Посещение редакции журнала “Вопросы литературы”, что случилось чуть ли не на следующий день, выглядело иначе: ни следа разнеженного умиления, никаких тебе “форточек” и “общих воспоминаний”, разговоров о детских переживаниях – ничего личного. Ноль. Даже внешность Нины Берберовой изменилась: держалась не просто прямо, а – твердо, жестко, “аршин проглотила” – тут уж пришлось мне поверить в чугунное ядро, о котором она упоминает в “Курсиве” как основе своей личности. Лицо ее было густо покрыто тоном, что скрывало частую сетку неглубоких тонких морщин, его заштриховывавших, и тем смазывало, нивелировало ее черты, лишало их присущей им интеллектуальной живости. Мне казалось, я сопровождаю не ставшую старшим другом Нину Николаевну, а доставляю в редакцию ее скульптурный портрет. Напряженность проглядывала не только в осанке, но и в выражении глаз, она как-то отдалилась, хуже – отгородилась от меня, я осознала дистанцию между нами, чего в помине не было ни в письмах, ни при первой встрече. Только на мгновение она вернулась в знакомый мне облик, когда мы вышли из лифта на предпоследнем этаже Дома Нирнзее в Большом Гнездниковском, где помещается журнал “Вопросы литературы” и, чтобы попасть туда, следовало на один марш подняться пешком. “Дайте руку! Колени – мое слабое место”, – шепнула украдкой Н.Н. Так мы и вошли с ней в редакцию, тесно под руки, чуть что не в обнимку, но ощущение дистанции от того меня не покинуло. На фотографии, оставшейся на память об этом посещении, запечатлен и один из моментов встречи в “ВопЛях”: я читаю поданную ей записку, она слушает не столько удивленно, сколь встревоженно. Нечто, несовместимое с “чугунностью”: слабость не слабость, но легкая тень неуверенности написаны на ее лице. О работе над текстом, который они собирались публиковать, Н.Н. отзывалась потом не без высокомерия.
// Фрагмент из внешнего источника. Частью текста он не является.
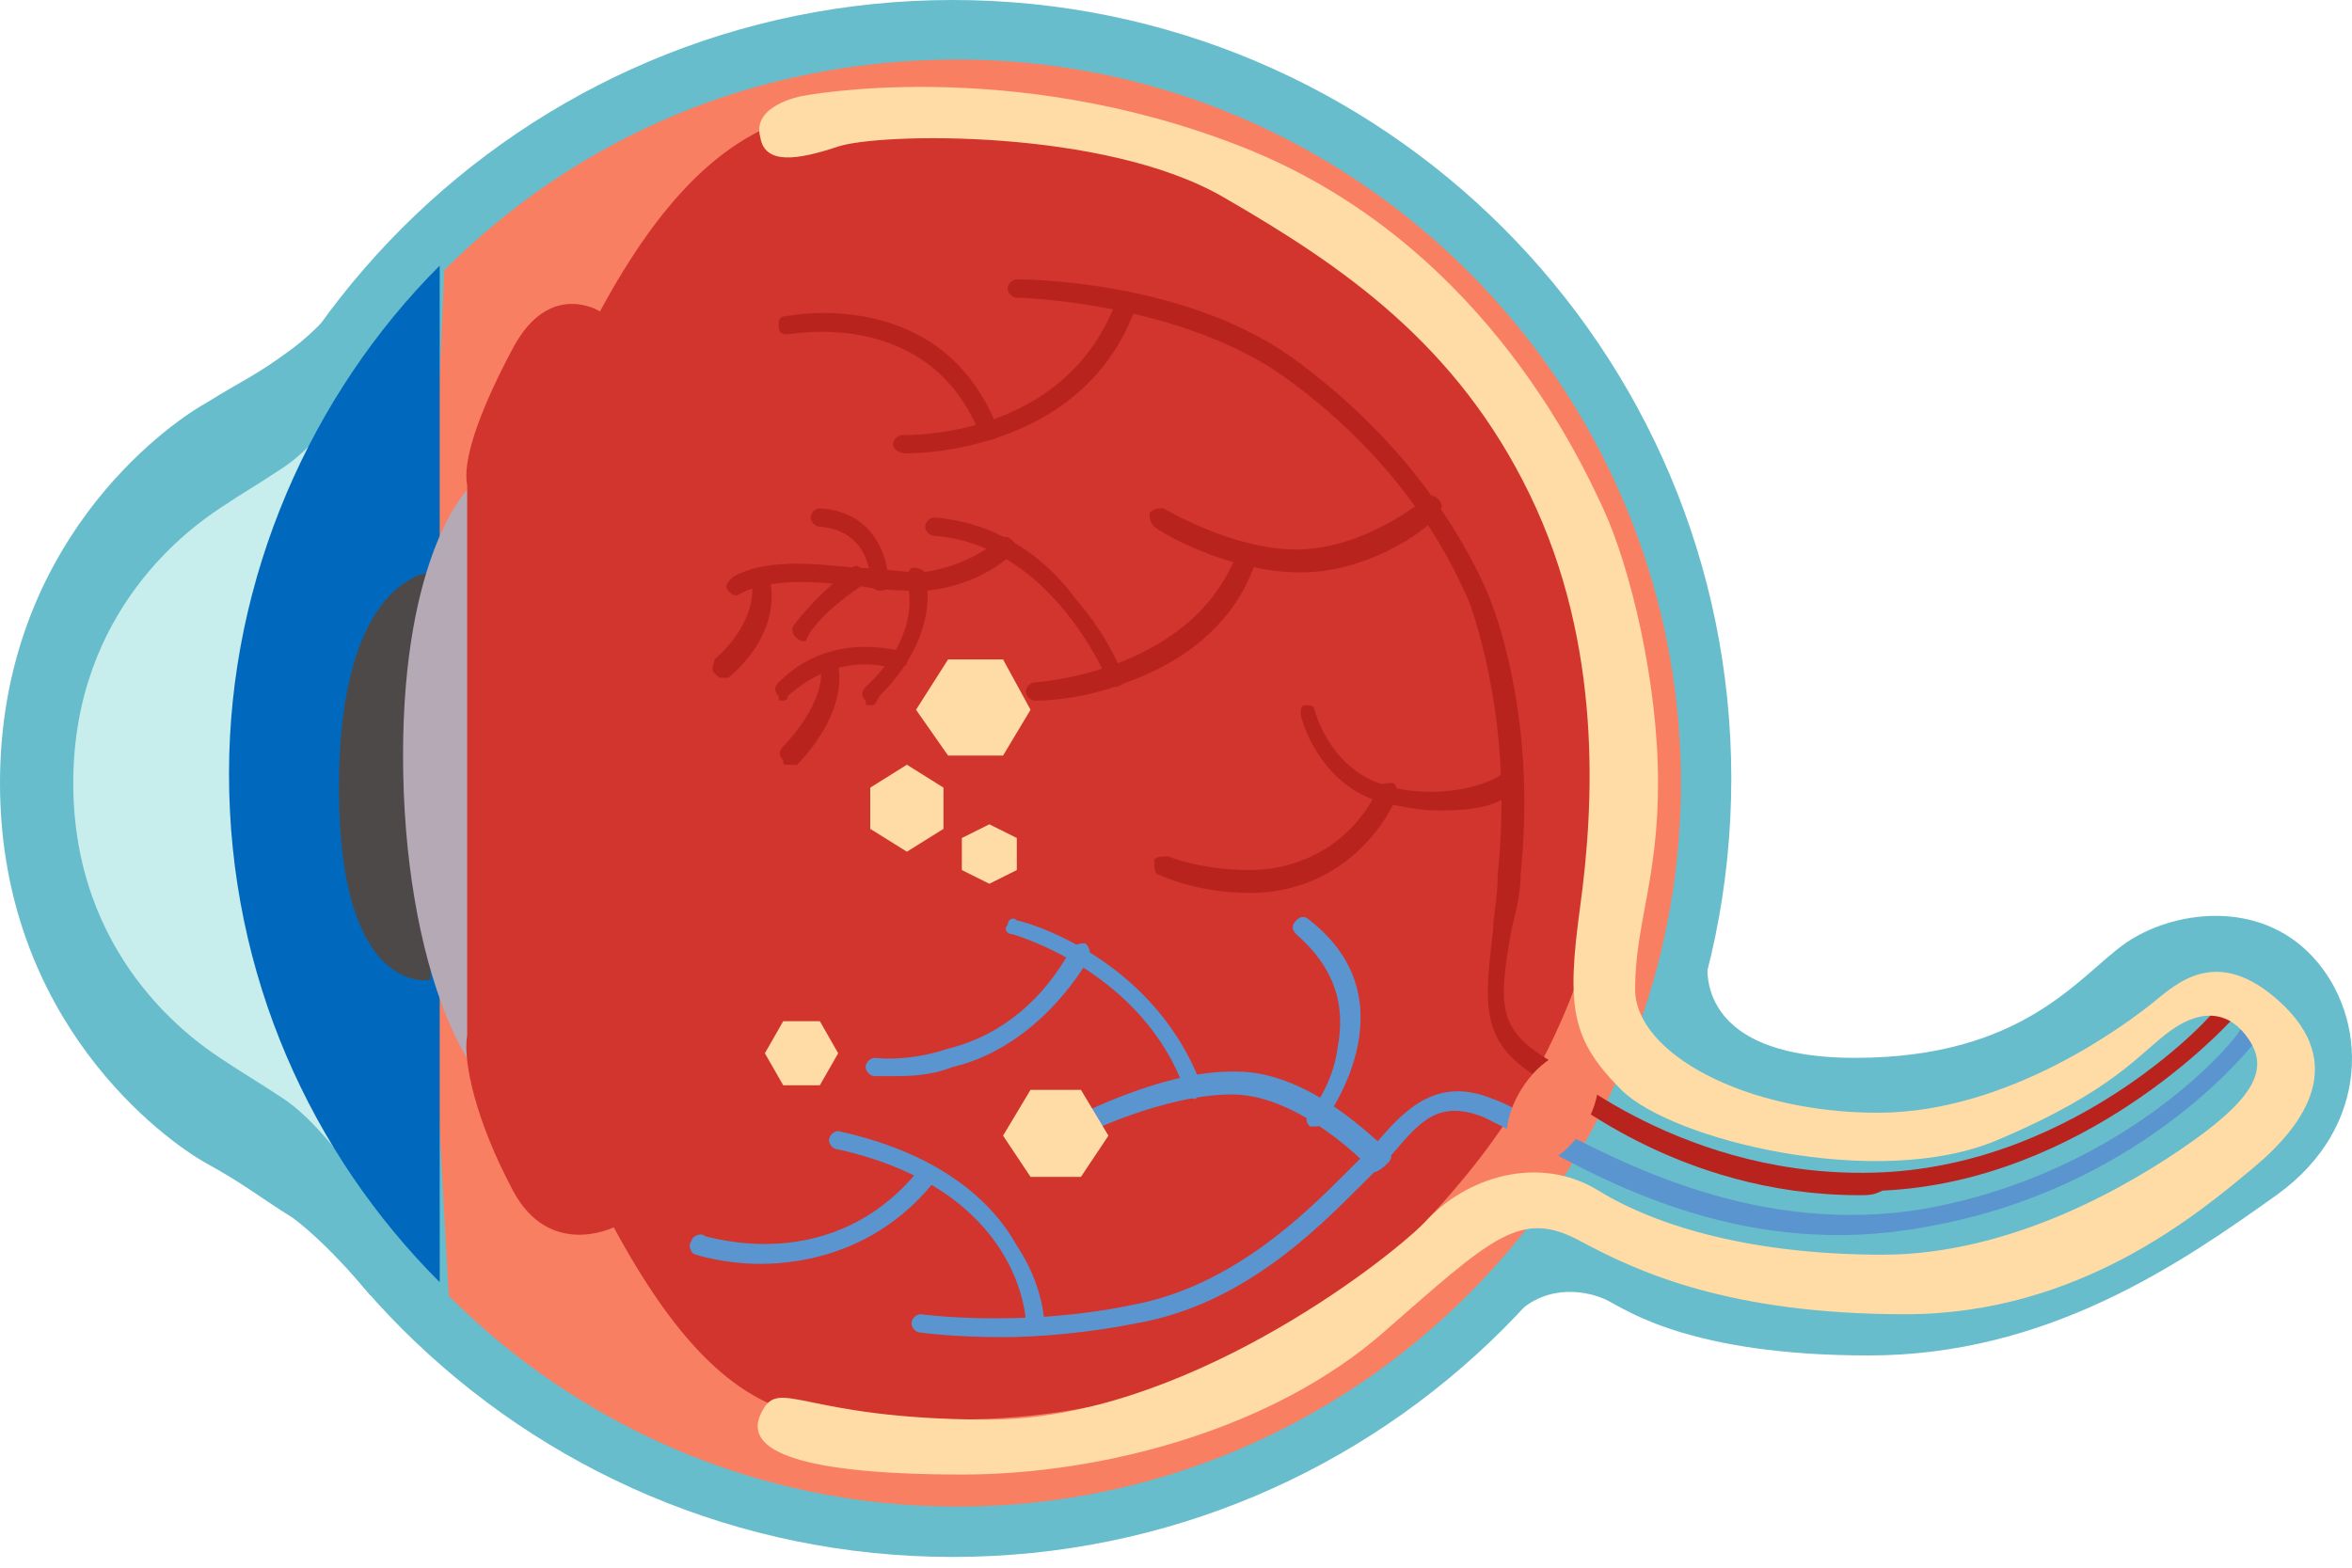<?xml version="1.0" encoding="UTF-8"?> <svg xmlns="http://www.w3.org/2000/svg" width="60" height="40" viewBox="0 0 60 40" fill="none"><path d="M24.303 39.726C35.273 39.726 44.166 30.833 44.166 19.863C44.166 8.893 35.273 0 24.303 0C13.333 0 4.44 8.893 4.44 19.863C4.44 30.833 13.333 39.726 24.303 39.726Z" fill="#68BDCC"></path><path d="M11.334 6.894C14.722 3.505 19.279 1.519 24.42 1.519C34.585 1.519 42.881 9.815 42.881 19.98C42.881 30.145 34.585 38.441 24.42 38.441C19.279 38.441 14.722 36.338 11.45 33.066C11.45 33.066 10.866 23.018 10.866 20.097C10.866 17.176 11.334 6.894 11.334 6.894Z" fill="#F97F63"></path><path d="M7.478 8.88C6.543 9.581 6.193 9.698 5.258 10.282C4.206 10.866 0 13.904 0 19.98C0 26.056 4.206 29.093 5.258 29.678C6.309 30.262 6.543 30.496 7.478 31.08C8.413 31.781 9.464 33.066 9.464 33.066V19.98V6.894C9.347 6.894 8.413 8.179 7.478 8.88Z" fill="#68BDCC"></path><path d="M7.244 11.918C6.543 12.385 6.309 12.502 5.608 12.969C4.907 13.437 1.869 15.54 1.869 19.98C1.869 24.42 4.907 26.523 5.608 26.99C6.309 27.458 6.543 27.575 7.244 28.042C7.945 28.509 8.646 29.444 8.646 29.444V19.98V10.516C8.646 10.516 7.945 11.45 7.244 11.918Z" fill="#C8EDED"></path><path d="M11.217 6.777C7.945 10.048 5.842 14.722 5.842 19.746C5.842 24.887 7.945 29.444 11.217 32.716V6.777Z" fill="#0169BD"></path><path d="M10.983 14.605C10.983 14.605 8.646 14.722 8.646 20.097C8.646 25.471 10.983 25.004 10.983 25.004V14.605Z" fill="#4D4948"></path><path d="M11.918 12.502C11.918 12.502 10.282 14.138 10.282 19.279C10.282 24.42 11.918 28.743 14.255 28.743C16.591 28.743 16.241 20.564 16.241 17.292C16.241 14.021 15.657 10.749 14.255 10.749C12.853 10.749 11.918 12.502 11.918 12.502Z" fill="#B5A9B5"></path><path d="M37.389 8.763C32.833 3.388 27.575 2.687 24.42 2.687C21.265 2.687 18.461 2.103 15.306 7.945C15.306 7.945 14.021 7.127 13.086 8.88C12.152 10.633 11.801 11.801 11.918 12.385V18.928V19.863V26.406C11.801 27.107 12.152 28.626 13.086 30.379C14.021 32.131 15.657 31.314 15.657 31.314C18.811 37.156 21.148 36.221 24.303 36.221C27.458 36.221 32.833 35.52 37.273 30.145C41.011 25.705 41.245 20.915 41.245 19.513C41.362 17.994 41.128 13.203 37.389 8.763Z" fill="#D2342E"></path><path d="M43.582 24.42C43.582 24.42 42.998 26.991 47.321 26.991C51.644 26.991 53.046 24.887 54.215 24.07C55.383 23.252 57.603 22.901 59.005 24.42C60.407 25.939 60.524 28.743 58.07 30.496C55.617 32.248 52.228 34.585 47.671 34.585C43.114 34.585 41.479 33.417 41.011 33.183C40.544 32.949 39.492 32.716 38.675 33.534L43.582 24.42Z" fill="#68BDCC"></path><path d="M22.434 15.073C22.317 15.073 22.2 14.956 22.2 14.839C22.2 14.722 22.2 13.554 20.915 13.437C20.798 13.437 20.681 13.32 20.681 13.203C20.681 13.086 20.798 12.97 20.915 12.97C22.667 13.086 22.667 14.839 22.667 14.839C22.667 14.956 22.667 15.073 22.434 15.073Z" fill="#B9231E"></path><path d="M36.688 20.681C36.221 20.681 35.637 20.564 35.169 20.447C33.65 19.98 33.183 18.344 33.183 18.227C33.183 18.11 33.183 17.994 33.3 17.994C33.417 17.994 33.533 17.994 33.533 18.11C33.533 18.11 33.884 19.513 35.169 19.98C36.455 20.447 37.857 20.097 38.324 19.746C38.441 19.629 38.558 19.629 38.675 19.746C38.791 19.863 38.791 19.98 38.675 20.097C38.324 20.564 37.623 20.681 36.688 20.681Z" fill="#B9231E"></path><path d="M31.898 22.784C30.496 22.784 29.561 22.317 29.561 22.317C29.444 22.317 29.444 22.083 29.444 21.966C29.444 21.849 29.678 21.849 29.795 21.849C29.795 21.849 30.613 22.2 31.898 22.2C33.066 22.2 34.468 21.616 35.169 20.097C35.169 19.98 35.403 19.98 35.52 19.98C35.637 19.98 35.637 20.214 35.637 20.331C34.936 21.849 33.533 22.784 31.898 22.784Z" fill="#B9231E"></path><path d="M25.238 11.217C25.121 11.217 25.004 11.217 25.004 11.1C23.719 7.828 20.214 8.529 20.097 8.529C19.98 8.529 19.863 8.529 19.863 8.296C19.863 8.179 19.863 8.062 20.097 8.062C20.097 8.062 24.069 7.244 25.471 10.983C25.471 11.1 25.471 11.217 25.238 11.217C25.355 11.217 25.238 11.217 25.238 11.217Z" fill="#B9231E"></path><path d="M23.135 11.567C23.018 11.567 23.018 11.567 23.135 11.567C22.901 11.567 22.784 11.45 22.784 11.334C22.784 11.217 22.901 11.1 23.018 11.1C23.135 11.1 27.224 11.217 28.509 7.595C28.509 7.478 28.743 7.361 28.86 7.478C28.977 7.478 29.094 7.712 28.977 7.828C27.692 11.45 23.602 11.567 23.135 11.567Z" fill="#B9231E"></path><path d="M47.438 30.496C42.764 30.496 39.726 27.808 39.376 27.575C37.74 26.64 37.857 25.705 38.09 23.719C38.09 23.368 38.207 22.901 38.207 22.317C38.558 18.928 37.857 16.475 37.506 15.423C37.156 14.605 35.987 11.918 32.716 9.581C30.028 7.712 26.056 7.595 25.939 7.595C25.822 7.595 25.705 7.478 25.705 7.361C25.705 7.244 25.822 7.127 25.939 7.127C26.056 7.127 30.145 7.127 32.949 9.114C36.338 11.567 37.623 14.372 37.974 15.19C38.441 16.358 39.142 18.928 38.791 22.317C38.791 22.784 38.675 23.252 38.558 23.719C38.207 25.705 38.207 26.29 39.609 27.107C39.609 27.107 42.998 30.145 48.022 29.912C53.046 29.678 56.551 25.822 56.551 25.705C56.668 25.588 56.785 25.588 56.902 25.705C57.019 25.822 57.019 25.939 56.902 26.056C56.785 26.173 53.163 30.145 48.022 30.379C47.788 30.496 47.671 30.496 47.438 30.496Z" fill="#B9231E"></path><path d="M33.183 14.605C31.314 14.605 29.561 13.554 29.444 13.437C29.327 13.32 29.327 13.203 29.327 13.087C29.444 12.97 29.561 12.97 29.678 12.97C29.678 12.97 31.43 14.021 33.066 14.021C34.819 14.021 36.338 12.736 36.338 12.736C36.455 12.619 36.571 12.619 36.688 12.736C36.805 12.853 36.805 12.97 36.688 13.087C36.688 13.32 35.053 14.605 33.183 14.605Z" fill="#B9231E"></path><path d="M26.406 17.877C26.289 17.877 26.172 17.76 26.172 17.643C26.172 17.526 26.289 17.41 26.406 17.41C26.406 17.41 30.379 17.176 31.547 14.138C31.547 14.021 31.781 13.905 31.898 14.021C32.015 14.021 32.131 14.255 32.015 14.372C31.547 15.774 30.379 16.826 28.743 17.41C27.575 17.877 26.523 17.877 26.406 17.877Z" fill="#B9231E"></path><path d="M28.509 17.526C28.392 17.526 28.276 17.526 28.276 17.409C28.276 17.409 26.874 13.904 23.836 13.671C23.719 13.671 23.602 13.554 23.602 13.437C23.602 13.32 23.719 13.203 23.836 13.203C25.238 13.32 26.523 14.021 27.458 15.306C28.276 16.241 28.626 17.176 28.626 17.176C28.743 17.293 28.743 17.409 28.509 17.526Z" fill="#B9231E"></path><path d="M18.811 15.189C18.695 15.189 18.695 15.189 18.578 15.073C18.461 14.956 18.578 14.839 18.695 14.722C19.512 14.255 20.681 14.371 21.849 14.488C22.434 14.488 23.018 14.605 23.485 14.605C24.654 14.488 25.471 13.787 25.471 13.787C25.588 13.671 25.705 13.671 25.822 13.787C25.939 13.904 25.939 14.021 25.822 14.138C25.822 14.138 25.004 14.956 23.602 15.073C23.135 15.073 22.55 15.073 21.966 14.956C20.798 14.839 19.629 14.722 18.811 15.189C18.928 15.189 18.928 15.189 18.811 15.189Z" fill="#B9231E"></path><path d="M18.461 17.293C18.344 17.293 18.344 17.293 18.227 17.176C18.11 17.059 18.227 16.942 18.227 16.825C18.227 16.825 19.396 15.891 19.162 14.722C19.162 14.605 19.162 14.489 19.396 14.489C19.512 14.489 19.629 14.489 19.629 14.722C19.98 16.241 18.578 17.293 18.578 17.293C18.578 17.293 18.578 17.293 18.461 17.293Z" fill="#B9231E"></path><path d="M20.447 16.358C20.447 16.358 20.33 16.358 20.447 16.358C20.214 16.241 20.214 16.124 20.214 16.007C20.214 16.007 20.681 15.306 21.733 14.488C21.849 14.371 21.966 14.488 22.083 14.605C22.2 14.722 22.083 14.839 21.966 14.956C20.915 15.657 20.564 16.241 20.564 16.358C20.681 16.358 20.564 16.358 20.447 16.358Z" fill="#B9231E"></path><path d="M22.2 17.994C22.083 17.994 22.083 17.994 22.083 17.877C21.966 17.76 21.966 17.643 22.083 17.526C23.602 16.124 23.135 14.839 23.135 14.839C23.135 14.722 23.135 14.605 23.252 14.489C23.368 14.489 23.485 14.489 23.602 14.605C23.602 14.722 24.069 16.124 22.434 17.76C22.317 17.994 22.317 17.994 22.2 17.994Z" fill="#B9231E"></path><path d="M19.98 17.877C19.863 17.877 19.863 17.877 19.863 17.76C19.746 17.643 19.746 17.526 19.863 17.41C20.681 16.592 21.733 16.358 22.901 16.592H23.018C23.135 16.709 23.135 16.825 23.135 16.942C23.018 17.059 22.901 17.059 22.784 17.059C22.434 16.942 21.265 16.709 20.097 17.76C20.097 17.877 19.98 17.877 19.98 17.877ZM22.784 16.709C22.784 16.709 22.784 16.825 22.784 16.709C22.784 16.825 22.784 16.709 22.784 16.709Z" fill="#B9231E"></path><path d="M20.097 19.513C19.98 19.513 19.98 19.513 19.98 19.396C19.863 19.279 19.863 19.162 19.98 19.045C19.98 19.045 21.148 17.877 20.915 16.942C20.915 16.825 20.915 16.709 21.148 16.709C21.265 16.709 21.382 16.709 21.382 16.942C21.616 18.227 20.447 19.396 20.33 19.513C20.214 19.513 20.097 19.513 20.097 19.513Z" fill="#B9231E"></path><path d="M25.588 34.118C24.303 34.118 23.485 34.001 23.485 34.001C23.368 34.001 23.252 33.884 23.252 33.767C23.252 33.65 23.368 33.533 23.485 33.533C23.485 33.533 26.056 33.884 28.86 33.3C31.43 32.832 33.3 30.963 34.351 29.911C34.468 29.794 34.468 29.794 34.585 29.678C34.819 29.444 34.936 29.327 35.169 29.093C35.87 28.276 36.688 27.458 38.09 28.042C38.441 28.159 38.791 28.392 39.376 28.626C41.362 29.678 44.867 31.547 49.073 30.846C54.331 29.911 57.136 26.406 57.136 26.289C57.252 26.172 57.369 26.172 57.486 26.289C57.603 26.406 57.603 26.523 57.486 26.64C57.369 26.757 54.565 30.379 49.073 31.314C44.633 32.131 41.128 30.262 39.025 29.093C38.558 28.86 38.09 28.626 37.857 28.509C36.688 28.042 36.221 28.626 35.52 29.444C35.286 29.678 35.169 29.794 34.936 30.028C34.819 30.145 34.819 30.145 34.702 30.262C33.533 31.43 31.664 33.3 28.977 33.767C27.808 34.001 26.523 34.118 25.588 34.118Z" fill="#5A95CF"></path><path d="M26.406 34.001C26.289 34.001 26.172 33.884 26.172 33.767C26.172 33.65 26.056 30.379 21.382 29.327C21.265 29.327 21.148 29.21 21.148 29.093C21.148 28.977 21.265 28.86 21.382 28.86C24.069 29.444 25.355 30.729 25.939 31.781C26.64 32.833 26.64 33.767 26.64 33.767C26.64 34.001 26.523 34.001 26.406 34.001Z" fill="#5A95CF"></path><path d="M19.396 32.248C18.461 32.248 17.76 32.015 17.76 32.015C17.643 32.015 17.526 31.781 17.643 31.664C17.643 31.547 17.877 31.43 17.994 31.547C18.11 31.547 21.265 32.599 23.485 29.795C23.602 29.678 23.719 29.678 23.836 29.795C23.953 29.912 23.953 30.028 23.836 30.145C22.434 31.898 20.564 32.248 19.396 32.248Z" fill="#5A95CF"></path><path d="M22.784 27.458C22.55 27.458 22.434 27.458 22.317 27.458C22.2 27.458 22.083 27.341 22.083 27.224C22.083 27.108 22.2 26.991 22.317 26.991C22.317 26.991 23.135 27.108 24.186 26.757C25.588 26.406 26.64 25.472 27.341 24.186C27.458 24.07 27.575 24.07 27.691 24.07C27.808 24.186 27.808 24.303 27.808 24.42C26.757 26.173 25.355 26.991 24.303 27.224C23.719 27.458 23.135 27.458 22.784 27.458Z" fill="#5A95CF"></path><path d="M35.053 29.911C34.936 29.911 34.936 29.911 34.936 29.794C34.936 29.794 33.183 27.925 31.43 27.925C29.678 27.925 27.575 28.977 27.575 28.977C27.458 29.093 27.341 28.977 27.224 28.86C27.107 28.743 27.224 28.626 27.341 28.509C27.458 28.509 29.561 27.341 31.43 27.341C31.43 27.341 31.43 27.341 31.547 27.341C33.533 27.341 35.286 29.327 35.403 29.327C35.52 29.444 35.52 29.561 35.403 29.678C35.169 29.911 35.053 29.911 35.053 29.911Z" fill="#5A95CF"></path><path d="M30.496 28.042C30.379 28.042 30.262 27.925 30.262 27.925C29.21 24.77 25.822 23.836 25.822 23.836C25.705 23.836 25.588 23.719 25.705 23.602C25.705 23.485 25.822 23.368 25.939 23.485C26.056 23.485 29.561 24.42 30.729 27.925C30.729 27.808 30.613 27.925 30.496 28.042Z" fill="#5A95CF"></path><path d="M33.533 28.743H33.417C33.3 28.626 33.3 28.509 33.417 28.392C33.417 28.392 34.001 27.691 34.118 26.757C34.351 25.588 34.001 24.654 33.066 23.836C32.949 23.719 32.949 23.602 33.066 23.485C33.183 23.368 33.3 23.368 33.417 23.485C36.104 25.588 33.767 28.626 33.767 28.626C33.65 28.743 33.65 28.743 33.533 28.743Z" fill="#5A95CF"></path><path d="M27.575 27.808H26.289L25.588 28.977L26.289 30.028H27.575L28.276 28.977L27.575 27.808Z" fill="#FFDCA5"></path><path d="M20.915 26.056H19.98L19.512 26.874L19.98 27.691H20.915L21.382 26.874L20.915 26.056Z" fill="#FFDCA5"></path><path d="M24.069 21.148V20.097L23.135 19.512L22.2 20.097V21.148L23.135 21.732L24.069 21.148Z" fill="#FFDCA5"></path><path d="M25.939 22.2V21.382L25.238 21.032L24.537 21.382V22.2L25.238 22.55L25.939 22.2Z" fill="#FFDCA5"></path><path d="M25.588 16.825H24.186L23.368 18.11L24.186 19.279H25.588L26.289 18.11L25.588 16.825Z" fill="#FFDCA5"></path><path d="M40.398 28.779C40.876 28.012 40.909 27.169 40.471 26.896C40.033 26.623 39.29 27.023 38.812 27.79C38.334 28.556 38.302 29.399 38.74 29.672C39.178 29.945 39.921 29.545 40.398 28.779Z" fill="#F97F63"></path><path d="M20.447 2.453C20.447 2.453 19.162 2.687 19.396 3.505C19.512 4.206 20.33 4.089 21.382 3.739C22.434 3.388 28.159 3.271 31.197 5.024C34.235 6.777 37.156 8.763 39.025 12.619C40.895 16.474 40.661 20.564 40.31 23.134C39.96 25.705 40.077 26.523 41.362 27.808C42.647 29.093 47.905 30.379 50.943 29.093C53.981 27.808 54.565 26.873 55.383 26.289C56.201 25.705 56.902 25.822 57.369 26.523C57.837 27.224 57.603 27.925 55.967 29.093C54.331 30.262 51.293 32.014 48.022 32.014C44.75 32.014 42.297 31.313 40.778 30.379C39.259 29.444 37.389 30.028 36.338 31.197C35.286 32.248 30.145 36.221 25.238 36.221C20.33 36.221 19.863 35.052 19.396 36.104C18.928 37.155 20.915 37.623 24.537 37.623C28.159 37.623 32.482 36.454 35.286 34.001C38.09 31.547 38.791 30.846 40.31 31.664C41.829 32.482 44.166 33.533 48.606 33.533C53.046 33.533 56.084 30.963 57.486 29.794C58.888 28.626 59.823 27.107 58.187 25.588C56.551 24.069 55.5 25.121 54.916 25.588C54.331 26.055 51.293 28.392 47.905 28.392C44.517 28.392 41.712 26.873 41.712 25.238C41.712 23.602 42.297 22.433 42.297 19.98C42.297 17.409 41.596 14.488 40.895 12.969C40.194 11.45 37.623 6.076 31.664 3.739C25.705 1.402 20.447 2.453 20.447 2.453Z" fill="#FFDCA5"></path></svg>

С “ВопЛями” до того произошла забавная история, которую она мне рассказала и за достоверность которой не могу поручиться. Журнал решился – большая была смелость по тем временам! – напечатать Берберову, но имя ее так четко ассоциировалось с нашим утраченным прошлым, что, представляя автора, журнал употреблял глаголы исключительно в прошедшем времени: “была, жила, писала, публиковала” и т. д. Нина Николаевна, которой о том доложили, отправила в редакцию лаконичную телеграмму, состоящую из одного слова: “Жива”.
Популярность ее в России оказалась для нее полной неожиданностью. Вспоминая о своем вечере в просторном помещении Дома культуры Московского авиационного института, она рассказывала, что поначалу удивилась и обрадовалась, оглядев полный зал, где не заметила ни одного свободного местечка, потом, подняв глаза, ахнула, обнаружив заполненный до отказа амфитеатр, а увидев над ним хоры, так же тесно набитые слушателями, даже испытала нечто вроде ужаса. В публике эмоции ее остались незамеченными.